The Landscape Park Duisburg-Nord is a worldwide unique natural and cultural landscape. For more than 25 years, the site of the former 180-hectare steel mill has offered a wide variety of sporting, cultural or professional uses. 

Regular Corporate and cultural events are hosted in former production halls. An old gasometer is home to Europe's largest artificial diving center. A viewpoint on a disused blast furnace allows a view into the distance.

Landschaftspark Duisburg Nord2
Slowly but surely, nature is reclaiming the old industrial sites.

A symbiosis of urban nature and industry 

Today, plants and animals have rediscovered the place as their habit and found a home between blast furnaces, smokestacks and steel girders. Step by step, nature has reclaimed the area. The result: a unique synergy of urban nature and the industrial heritage of the Ruhr region, which the British newspaper "The Guardian" recently ranked among the ten most beautiful metropolitan oases in the world.

The Landscape Park Duisburg-Nord, also called "LaPaDu" by locals, is so massive that it would take hours to fully explore the area.
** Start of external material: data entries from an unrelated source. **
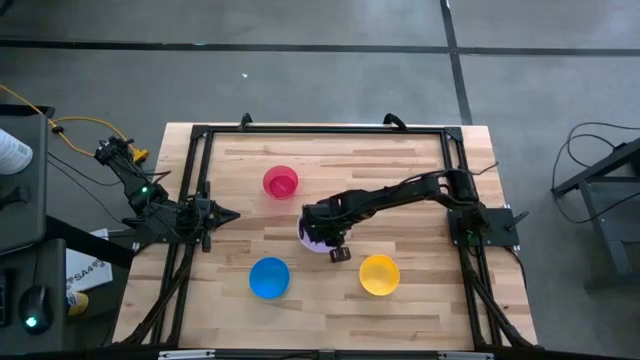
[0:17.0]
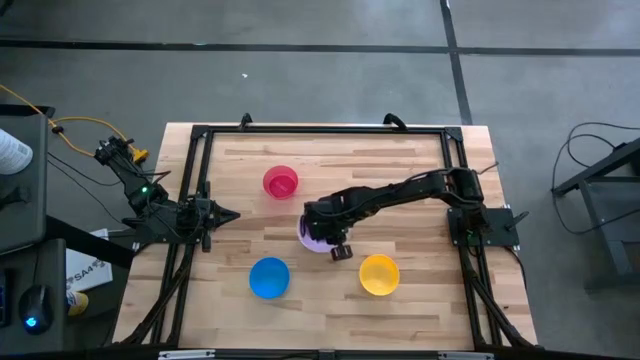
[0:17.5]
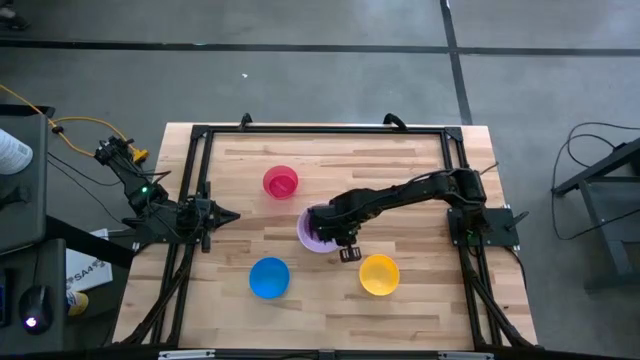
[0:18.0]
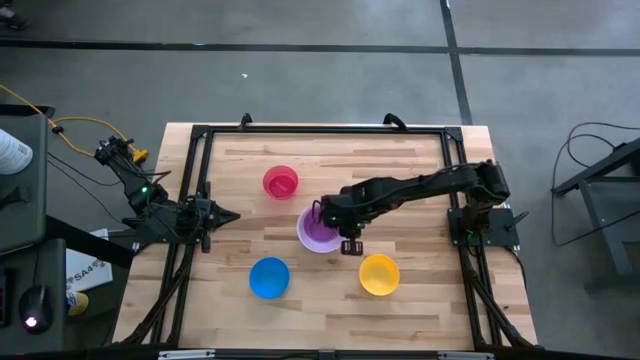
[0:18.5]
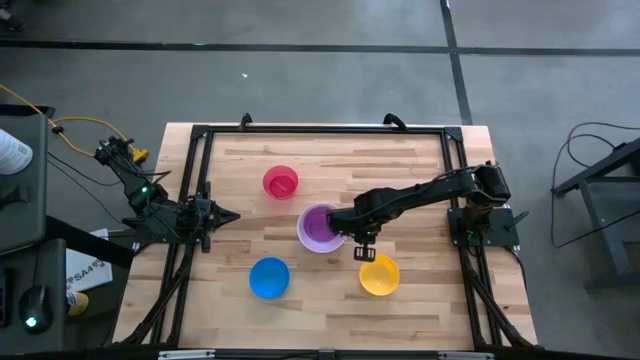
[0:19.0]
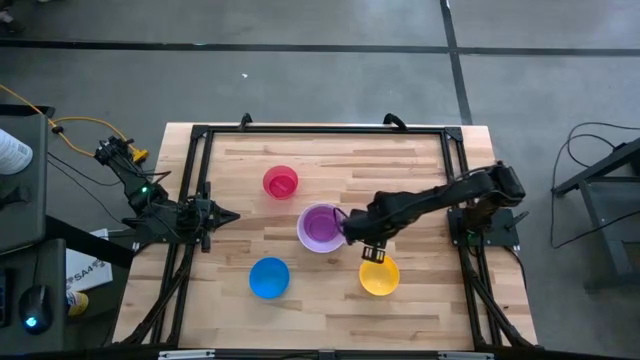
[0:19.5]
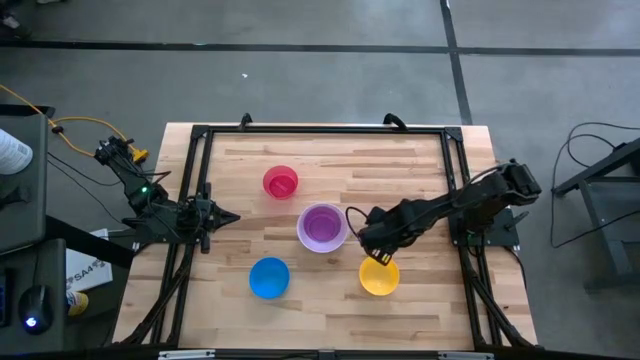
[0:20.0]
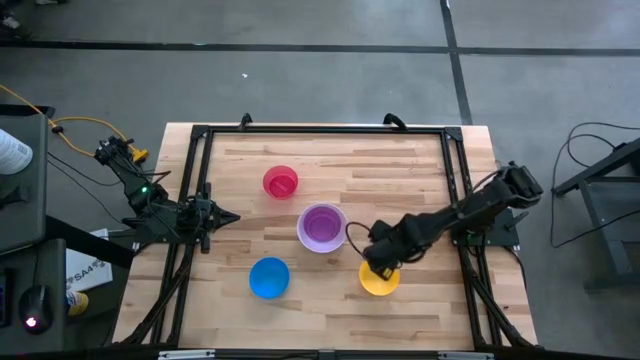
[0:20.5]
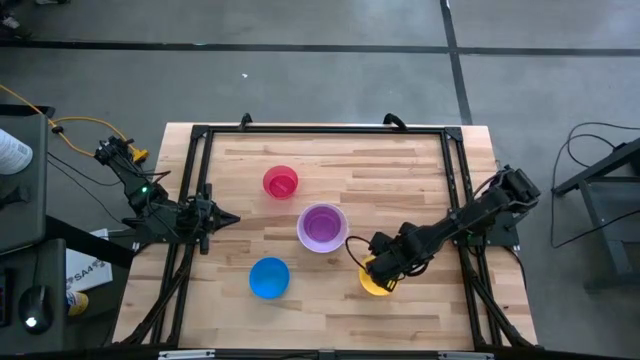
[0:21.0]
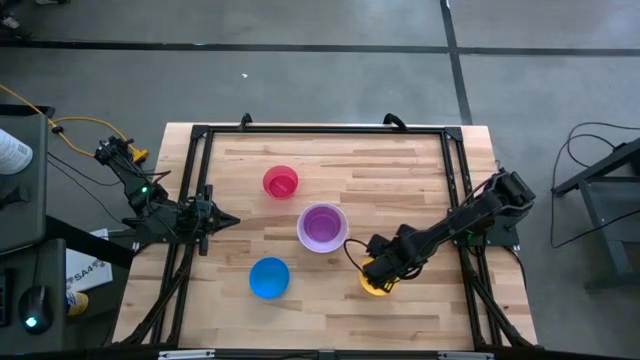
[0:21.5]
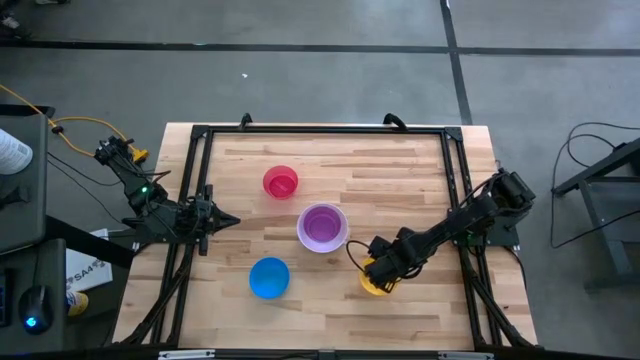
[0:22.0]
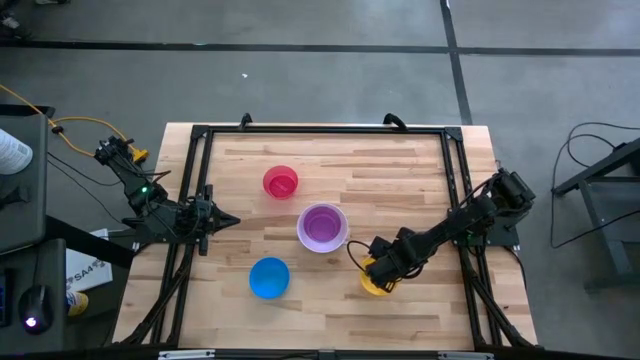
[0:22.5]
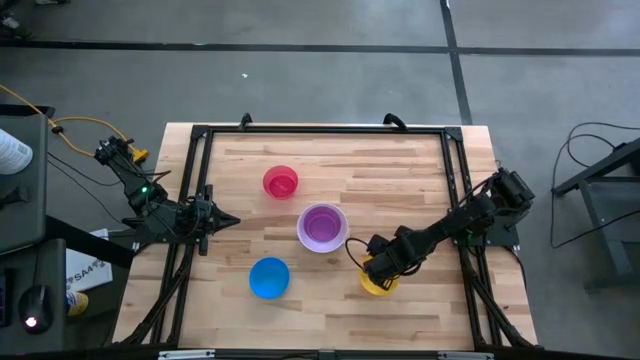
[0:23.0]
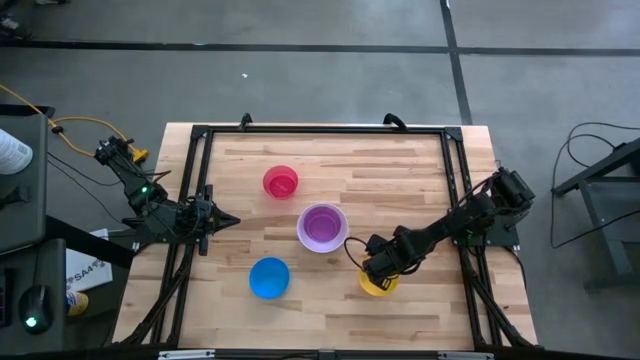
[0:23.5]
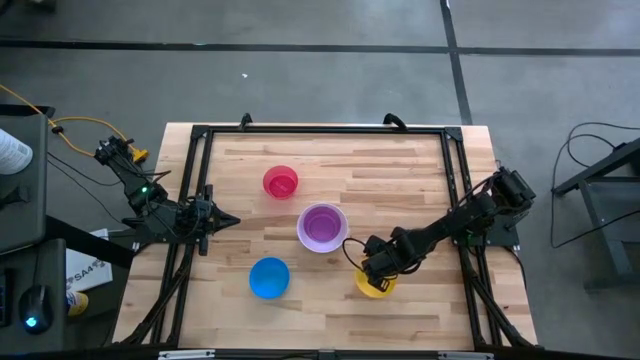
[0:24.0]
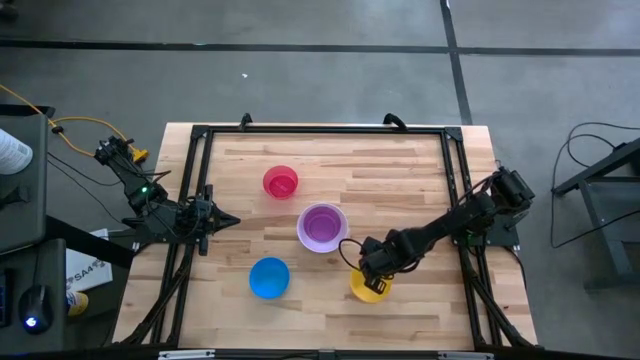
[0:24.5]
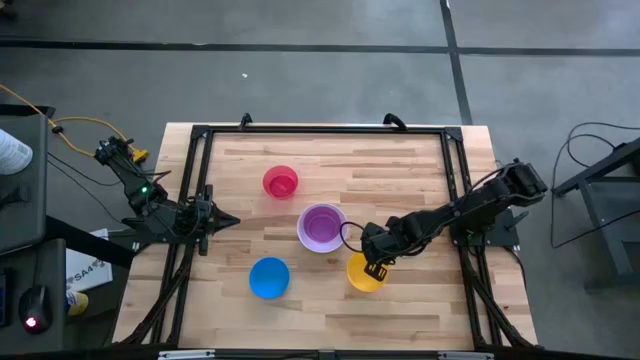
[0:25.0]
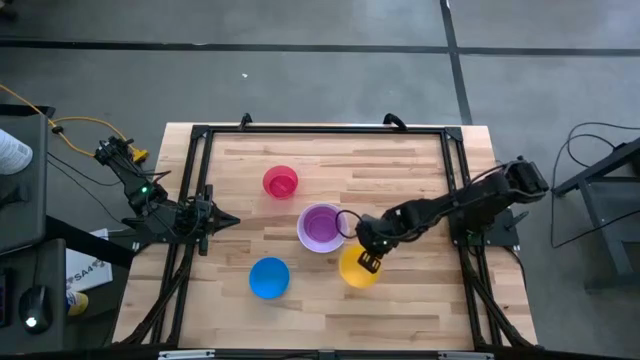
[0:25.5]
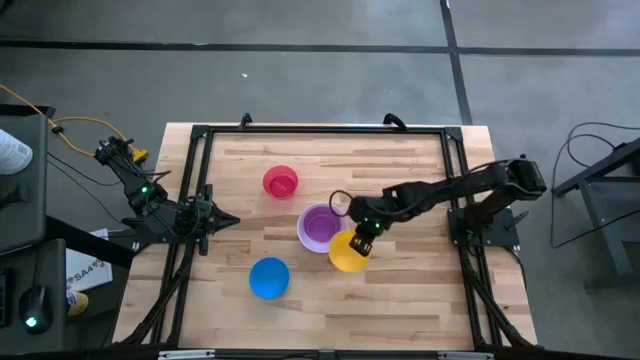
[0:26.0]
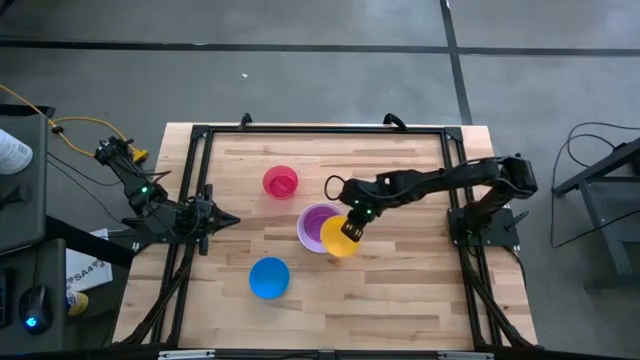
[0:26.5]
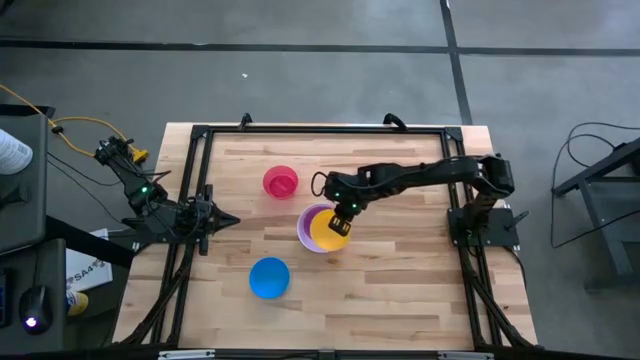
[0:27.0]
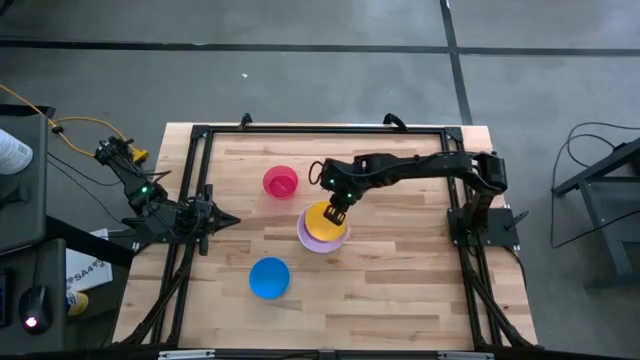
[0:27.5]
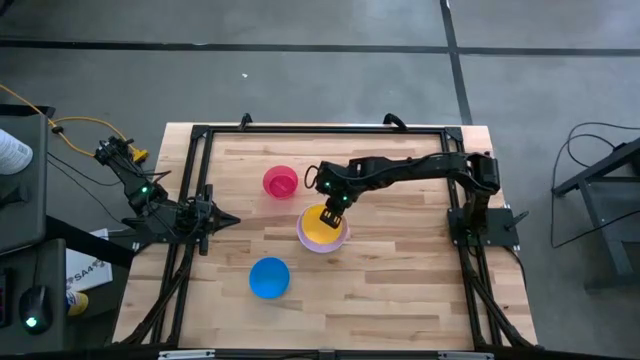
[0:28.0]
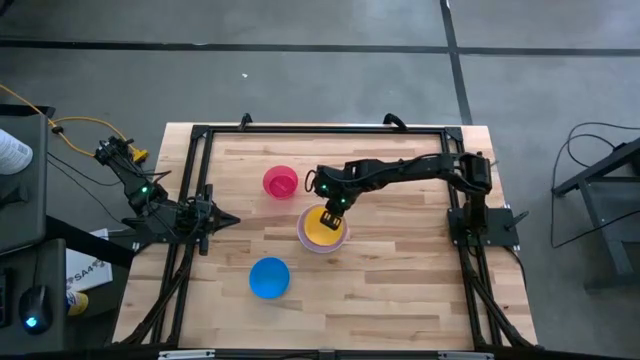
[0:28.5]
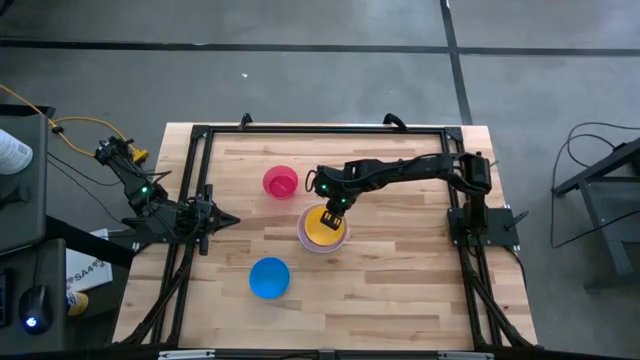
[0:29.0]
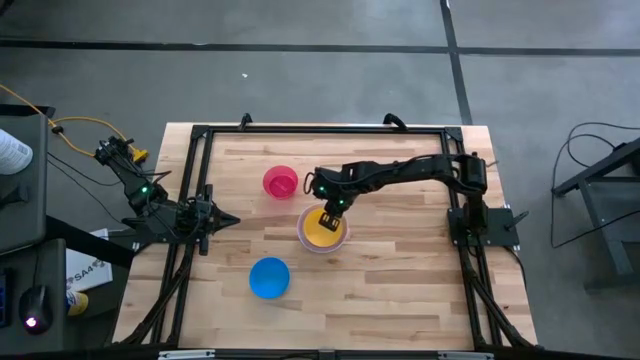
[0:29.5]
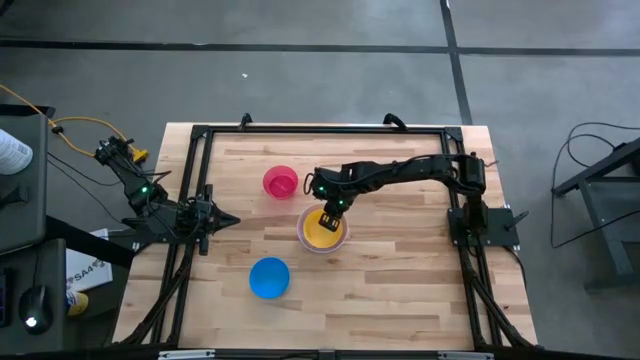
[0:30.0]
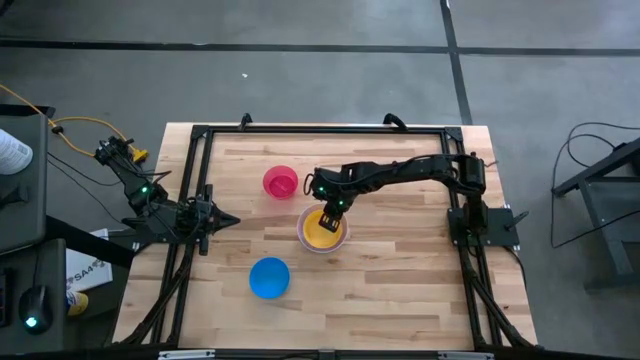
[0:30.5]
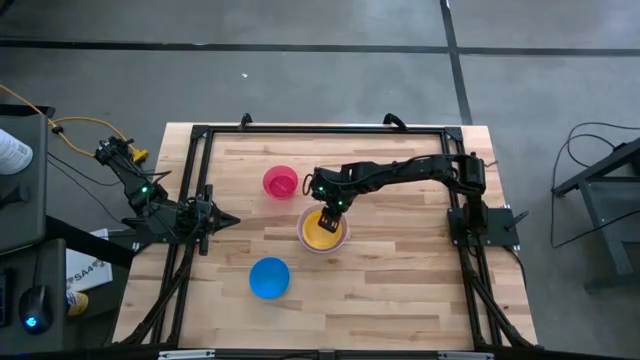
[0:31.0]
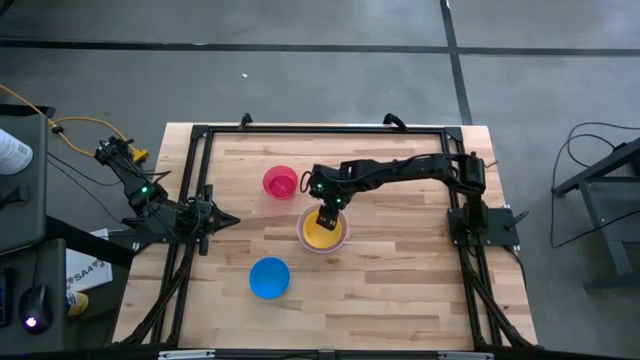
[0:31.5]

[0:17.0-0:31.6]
Stack the yellow bowl on the violet bowl

Large parts of it are open to the public and invite technology and industry enthusiasts to discover the steel testimonies of an industrial landscape of the last century.

Landschaftspark Duisburg Nord3
LESER safety valve of type 541 exhibited at LaPaDu

LESER is part of this cultural heritage

In the midst of this special place, LESER employees Stefan Lange, Eckhard Stüber and Holger Gesche recently came across old LESER spring-loaded full lift safety valves of Type 541, the predecessor model of Type 441, which was has been in use since 1978. They visited the landscape park to attend the 10th PRIINT:DAY 2020/2021, the largest event for multichannel publishing in Germany.
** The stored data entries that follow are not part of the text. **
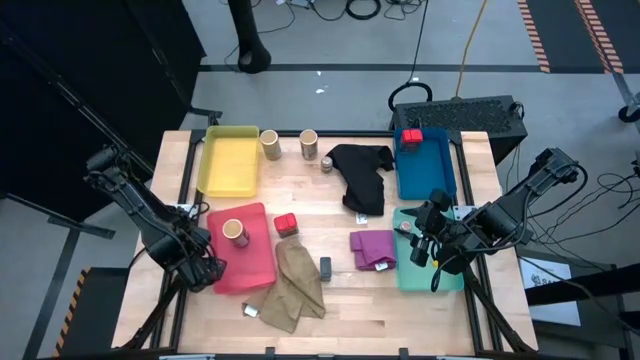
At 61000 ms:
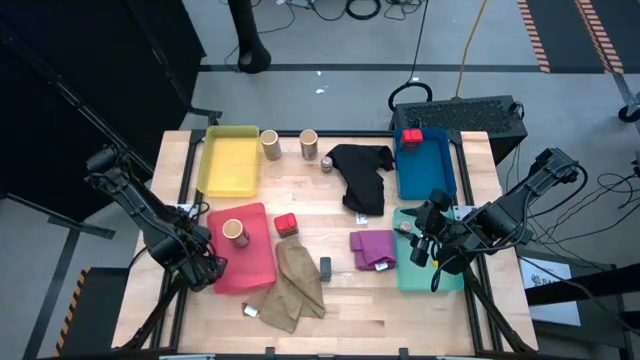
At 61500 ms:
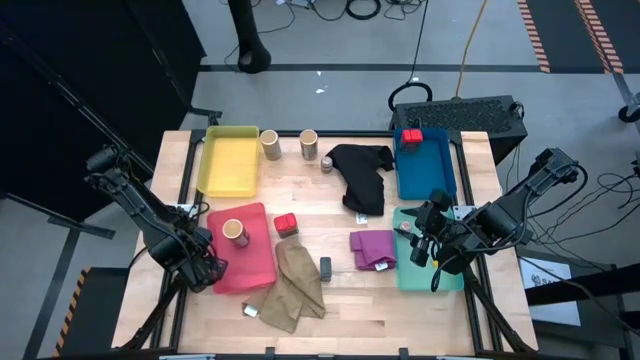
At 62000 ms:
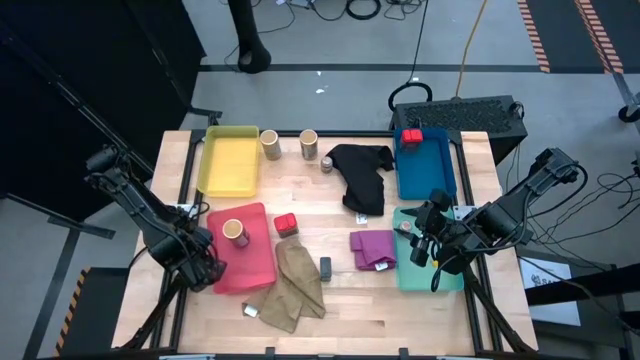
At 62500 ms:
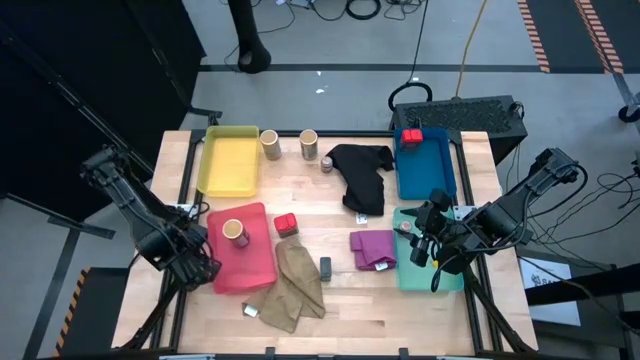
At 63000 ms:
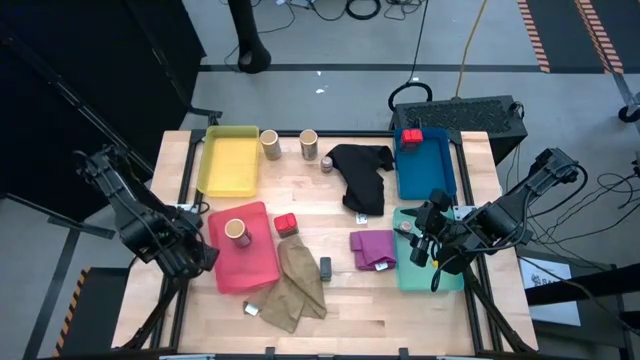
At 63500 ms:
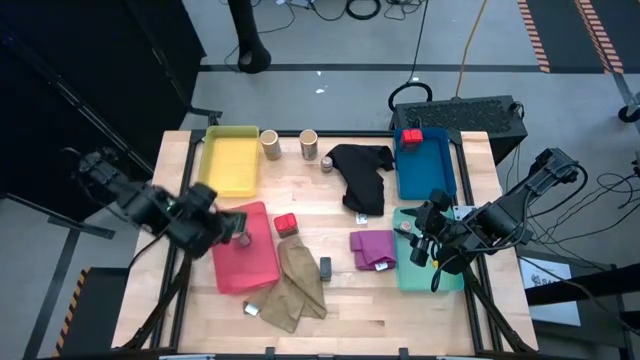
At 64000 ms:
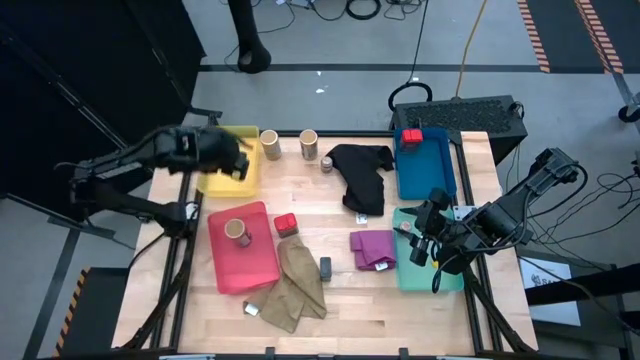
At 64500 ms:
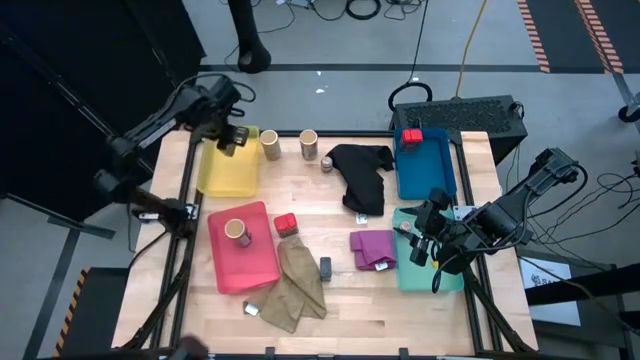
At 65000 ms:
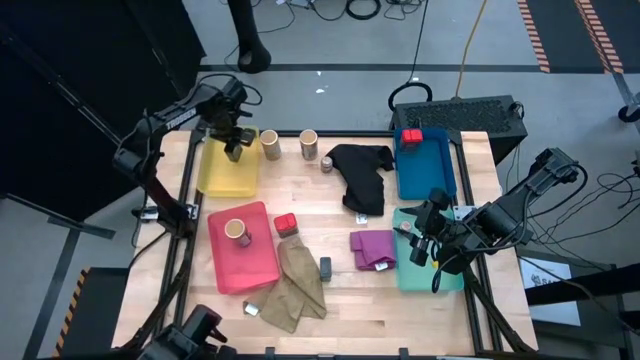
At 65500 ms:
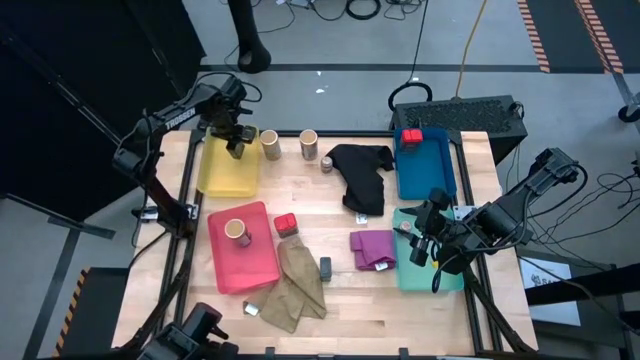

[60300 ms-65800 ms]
Task: Sort spices by type
Put the left black seasoning can into the yellow bin

In fact, the entire plant was once protected against overpressure by LESER valves - some of them still contribute to the industrial charm of the landscape park today and can be seen on site. Prominently displayed with matching blue light, the valve pictured here, is even exhibited for visitors of the landscape park.


Explore Type 441
LESER Sicherheitsventil Type 541
Stefan Lange, Manager Marketing Communicationsin front of a LESER safety valve at LaPaDu

Part 2: Type 541 - The “flower pot”

Unlike its successor, the Type 541 safety valve installed at Landscape Park Duisburg-Nord had a full-lift accumulator chamber whose distinctive shape reminds of a flowerpot. Safety valves of this design were therefore given the descriptive nickname “flower pot”. The characteristic sump disappeared as the valve was further developed. A key advantage of the product innovation of 1978 was the solid connection between the disc and the lifting aid. By that its function within the requirements of the applicable codes and standards could be better ensured. The drainage option for the accumulator chamber included in the Type 541 became obsolete as a result of this innovation. Many of the proportional and special valves developed by LESER in the following years are based on the success formula of Type 441.2

LESER Sicherheitsventile Type 541 and 441
Cross-sections of Type 541 "flower pot" (left) and Type 441 exhibited at the LESER museum

In the museum inside the LESER Kontor, the differences between the two models can be recognized by looking at their cross-sections. The book "175 Jahre Gebr. Leser, G. Wittmann Nachf: 1818 - 1993 ; Armaturenfabrik, Hamburg & Hohenwestedt ; Geschichte und Geschichten eines Hamburger Familienunternehmens", which is also exhibited there, provides interesting insights into the development of the Type 441, and the crucial innovation it represents for the LESER company.

LESER Ventil am Hochofen
Safety Valves next to the blast furnace

Part 3: What were LESER safety valves used for at LaPaDu?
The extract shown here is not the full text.